━━ Source data

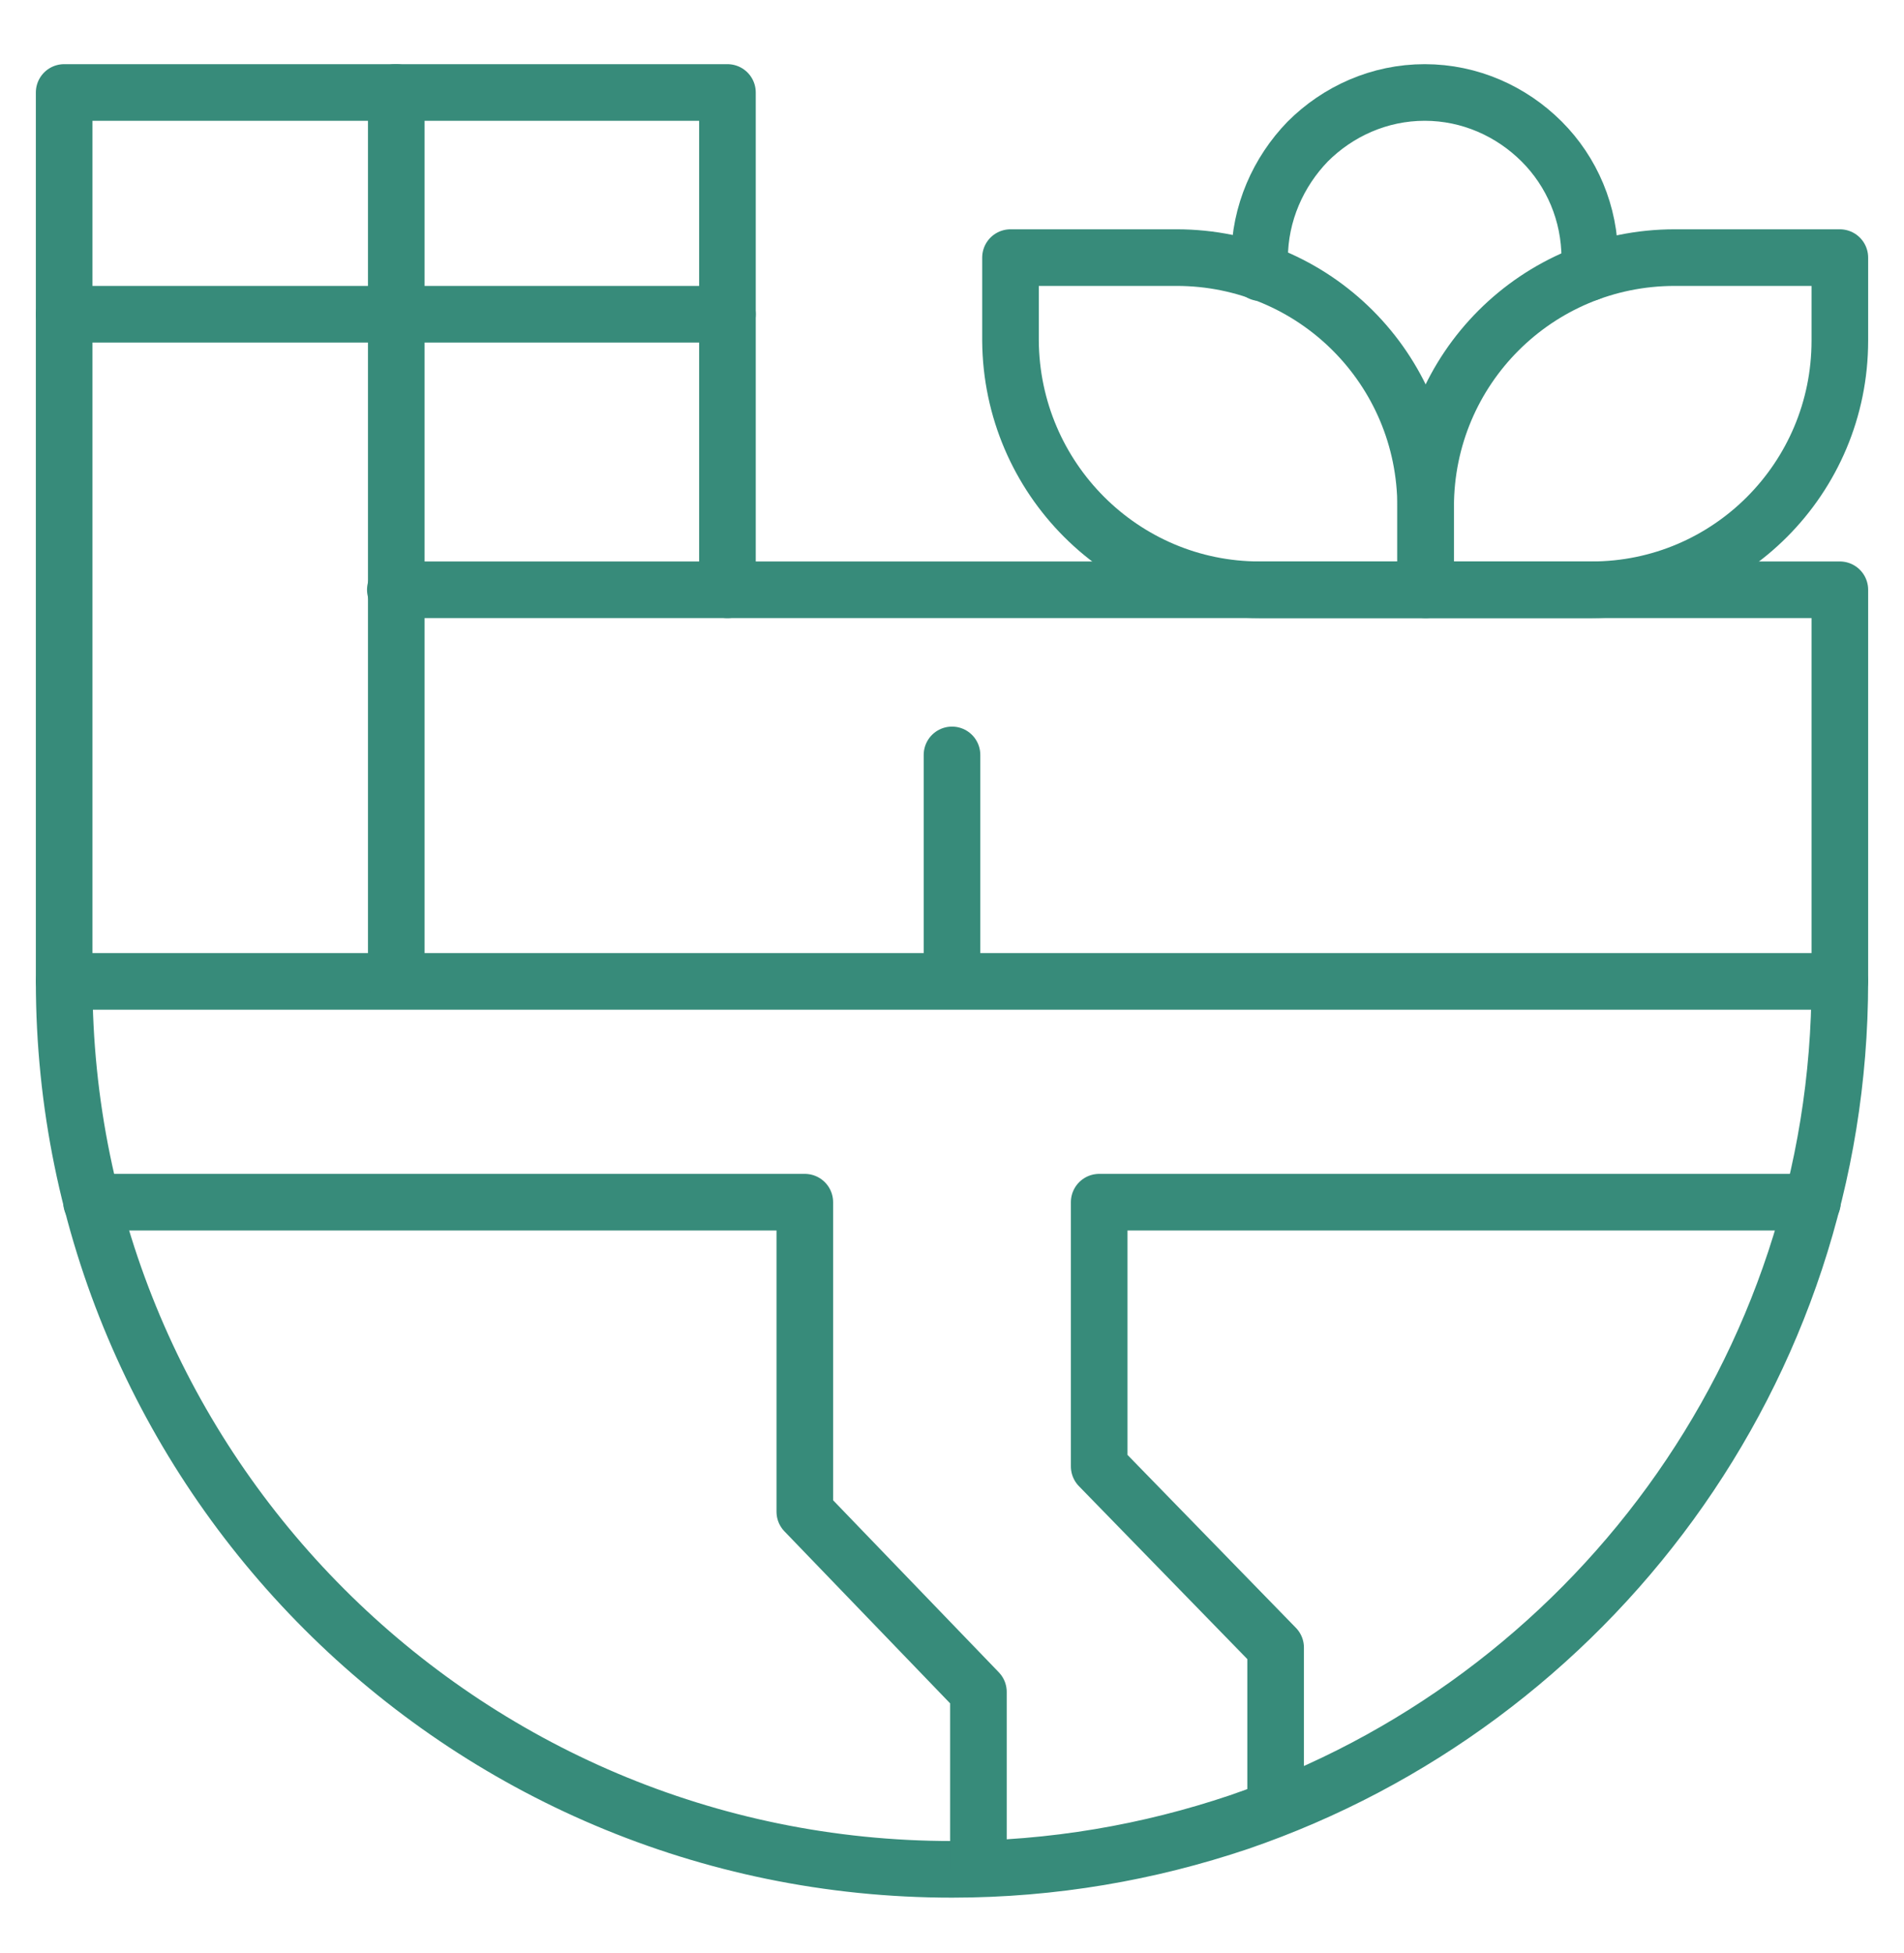 <?xml version="1.0" encoding="utf-8"?>
<!-- Generator: Adobe Illustrator 28.0.0, SVG Export Plug-In . SVG Version: 6.00 Build 0)  -->
<svg version="1.1" id="Layer_1" xmlns="http://www.w3.org/2000/svg" xmlns:xlink="http://www.w3.org/1999/xlink" x="0px" y="0px"
	 viewBox="0 0 201.8 207" style="enable-background:new 0 0 201.8 207;" xml:space="preserve">
<style type="text/css">
	.st0{fill:#FFFFFF;}
	.st1{clip-path:url(#SVGID_00000002378498935685491660000008458841690942514849_);}
	.st2{fill:none;stroke:#0C2573;stroke-width:16;stroke-linecap:round;stroke-linejoin:round;stroke-miterlimit:10;}
	.st3{fill:#0C2573;}
	.st4{fill:#657299;}
	.st5{fill:none;stroke:#0C2573;stroke-width:4;stroke-linecap:round;stroke-linejoin:round;stroke-miterlimit:10;}
	.st6{fill:none;stroke:#0C2573;stroke-width:4;stroke-linecap:round;stroke-linejoin:round;stroke-miterlimit:22.926;}
	.st7{fill:none;stroke:#0C2573;stroke-width:4;stroke-miterlimit:10;}
	.st8{fill:none;stroke:#0C2573;stroke-width:4;stroke-linecap:square;stroke-miterlimit:10;}
	.st9{clip-path:url(#SVGID_00000101811335453045660430000008075814339156498326_);}
	.st10{clip-path:url(#SVGID_00000096777607985701223090000012152317106218805658_);}
	.st11{fill:none;stroke:#0C2573;stroke-width:4;stroke-linecap:round;stroke-linejoin:round;}
	.st12{fill:none;stroke:#FE461D;stroke-width:6;stroke-linecap:round;stroke-linejoin:round;}
	.st13{fill:none;stroke:#C0C0C0;stroke-miterlimit:10;}
	.st14{fill:#378B7A;}
	.st15{fill:#153F37;}
	.st16{fill:#597EAA;}
	.st17{fill:#133156;}
	.st18{fill:#ACACAC;}
	.st19{fill:#686868;}
	.st20{fill:#DFDFDE;}
	.st21{fill:none;stroke:#378B7A;stroke-width:6;stroke-linecap:round;stroke-linejoin:round;stroke-miterlimit:10;}
	.st22{clip-path:url(#SVGID_00000127742237145819747220000009972692945099004335_);}
	.st23{fill:none;stroke:#0C2573;stroke-width:16;stroke-linecap:round;stroke-linejoin:round;stroke-miterlimit:22.926;}
	.st24{fill:none;stroke:#0C2573;stroke-width:4;stroke-linecap:round;stroke-linejoin:round;stroke-miterlimit:22.926;}
	.st25{fill:none;stroke:#0C2573;stroke-width:4;stroke-linecap:round;stroke-miterlimit:10;}
	.st26{clip-path:url(#SVGID_00000096748825957592049800000007559871014157419920_);}
	.st27{clip-path:url(#SVGID_00000180344122135573906610000006843189118193935264_);}
	.st28{fill:none;stroke:#0C2573;stroke-width:4;stroke-linecap:round;stroke-linejoin:round;stroke-miterlimit:2.613;}
	.st29{fill:none;stroke:#0C2573;stroke-width:4;stroke-miterlimit:1.5;}
	.st30{clip-path:url(#SVGID_00000067223828518661462260000010169380010759343542_);}
	.st31{clip-path:url(#SVGID_00000143594464832504211390000008099740021152275878_);}
	.st32{clip-path:url(#SVGID_00000057829067515612057130000011960769910902386611_);}
	.st33{clip-path:url(#SVGID_00000098181303965562294440000012819643901755695744_);}
	.st34{clip-path:url(#SVGID_00000104674191076569610060000014779531839737339264_);}
	.st35{clip-path:url(#SVGID_00000039819253920174576610000005891736876896301996_);}
	.st36{clip-path:url(#SVGID_00000143599664320334253840000002369332682088190098_);}
	.st37{clip-path:url(#SVGID_00000111180323528628899600000016902899992247159970_);}
	.st38{clip-path:url(#SVGID_00000042709245610089623620000016394325562198791044_);}
	.st39{clip-path:url(#SVGID_00000011013218298314295910000008567692203104565907_);}
	.st40{clip-path:url(#SVGID_00000100353939473386998280000013009557308215588006_);}
	.st41{fill:none;stroke:#0C2573;stroke-width:4;}
	.st42{clip-path:url(#SVGID_00000047752777102654915930000012090270252696675260_);}
	.st43{clip-path:url(#SVGID_00000056403902544837327800000007750204628695365275_);}
	.st44{fill:none;stroke:#0C2573;stroke-width:4;stroke-linejoin:round;stroke-miterlimit:10;}
	.st45{clip-path:url(#SVGID_00000163793745068050522940000010274570175831471545_);}
	.st46{clip-path:url(#SVGID_00000173128575302276944370000004862167072625409194_);}
	.st47{clip-path:url(#SVGID_00000164512672609917639740000003339291765318594216_);}
	.st48{clip-path:url(#SVGID_00000040568123384998908800000000994567902360226968_);}
	.st49{clip-path:url(#SVGID_00000101814256777612824910000014810636011744436402_);}
	.st50{clip-path:url(#SVGID_00000025435252455889830700000003086147142769874072_);}
	.st51{clip-path:url(#SVGID_00000047745027845863879190000008566446283192217256_);}
	.st52{clip-path:url(#SVGID_00000015317567287901717900000015298949796267755675_);}
	.st53{fill:none;stroke:#0C2573;stroke-width:16;stroke-miterlimit:10;}
	.st54{clip-path:url(#SVGID_00000162342894289249898840000004434084009429127336_);}
	.st55{clip-path:url(#SVGID_00000138568626315437130210000008454731883939300739_);}
	.st56{clip-path:url(#SVGID_00000109748666777953240280000017789970152212075155_);}
	.st57{clip-path:url(#SVGID_00000068642891268124625900000001060308849386410893_);}
	.st58{clip-path:url(#SVGID_00000047059153837518348210000018213167795814697894_);}
	.st59{clip-path:url(#SVGID_00000150096152100175500960000007166644935971188144_);}
	.st60{clip-path:url(#SVGID_00000141435804574979858720000017990325991732064435_);}
</style>
<g id="factory_00000007413298025669242790000004206969323317742991_">
	<path id="Vector_321_00000094613664264427237190000000736367650786350762_" class="st21" d="M100.9,198.1
		c-52,0-94.1-42.2-94.1-94.1H195c0,41.3-26.6,76.4-63.7,89.1C121.8,196.3,111.6,198.1,100.9,198.1z"/>
	<path id="Vector_322_00000106843152506030024730000005298299777253913231_" class="st21" d="M9.7,127.4h75.6v32.8l18.4,19.1v18.7"
		/>
	<path id="Vector_323_00000118387506226018805400000001691576124382617233_" class="st21" d="M192.1,127.4h-75.6v28l18.7,19.2v17"/>
	<path id="Vector_324_00000059301144816597381140000003888323374895758521_" class="st21" d="M6.8,103.9V9.8h35.2v94.1"/>
	<path id="Vector_325_00000165192186923549822630000004565572421932507575_" class="st21" d="M6.8,33.3h35.2"/>
	<path id="Vector_326_00000139295572595334458640000013768692901058332560_" class="st21" d="M41.9,33.3h35.2"/>
	<path id="Vector_327_00000178926295862184599100000000928693074921452203_" class="st21" d="M133.5,62.5h17.6v-8.8
		c0-14.6-11.8-26.4-26.4-26.4h-17.6v8.8C107.2,50.7,119,62.5,133.5,62.5z"/>
	<path id="Vector_328_00000116225019467057872450000014026901344546873753_" class="st21" d="M168.7,62.5h-17.6v-8.8
		c0-14.6,11.8-26.4,26.4-26.4H195v8.8C195,50.7,183.2,62.5,168.7,62.5z"/>
	<path id="Vector_329_00000143603078573011162070000003340732058899113379_" class="st21" d="M133.6,28.9c0-0.5-0.1-1-0.1-1.5
		c0-4.8,2-9.2,5.1-12.4c3.2-3.2,7.6-5.2,12.4-5.2c4.8,0,9.2,2,12.4,5.2c3.2,3.2,5.1,7.6,5.1,12.4c0,0.5,0,1-0.1,1.5"/>
	<path id="Vector_330_00000005227729981466419590000008881934421481863098_" class="st21" d="M77.1,62.5V9.8H41.9"/>
	<path id="Vector_331_00000163782551924301355070000007953198242153298318_" class="st21" d="M195,103.9V62.5H41.9"/>
	<path id="Vector_332_00000047754377643416439040000007661462611325197501_" class="st21" d="M100.9,103.9V80"/>
</g>
</svg>

━━━━

(Exercise objective): If a line of the listing above contains "class", pick it out and copy it.

(Task output):
	<path id="Vector_321_00000094613664264427237190000000736367650786350762_" class="st21" d="M100.9,198.1
	<path id="Vector_322_00000106843152506030024730000005298299777253913231_" class="st21" d="M9.7,127.4h75.6v32.8l18.4,19.1v18.7"
	<path id="Vector_323_00000118387506226018805400000001691576124382617233_" class="st21" d="M192.1,127.4h-75.6v28l18.7,19.2v17"/>
	<path id="Vector_324_00000059301144816597381140000003888323374895758521_" class="st21" d="M6.8,103.9V9.8h35.2v94.1"/>
	<path id="Vector_325_00000165192186923549822630000004565572421932507575_" class="st21" d="M6.8,33.3h35.2"/>
	<path id="Vector_326_00000139295572595334458640000013768692901058332560_" class="st21" d="M41.9,33.3h35.2"/>
	<path id="Vector_327_00000178926295862184599100000000928693074921452203_" class="st21" d="M133.5,62.5h17.6v-8.8
	<path id="Vector_328_00000116225019467057872450000014026901344546873753_" class="st21" d="M168.7,62.5h-17.6v-8.8
	<path id="Vector_329_00000143603078573011162070000003340732058899113379_" class="st21" d="M133.6,28.9c0-0.5-0.1-1-0.1-1.5
	<path id="Vector_330_00000005227729981466419590000008881934421481863098_" class="st21" d="M77.1,62.5V9.8H41.9"/>
	<path id="Vector_331_00000163782551924301355070000007953198242153298318_" class="st21" d="M195,103.9V62.5H41.9"/>
	<path id="Vector_332_00000047754377643416439040000007661462611325197501_" class="st21" d="M100.9,103.9V80"/>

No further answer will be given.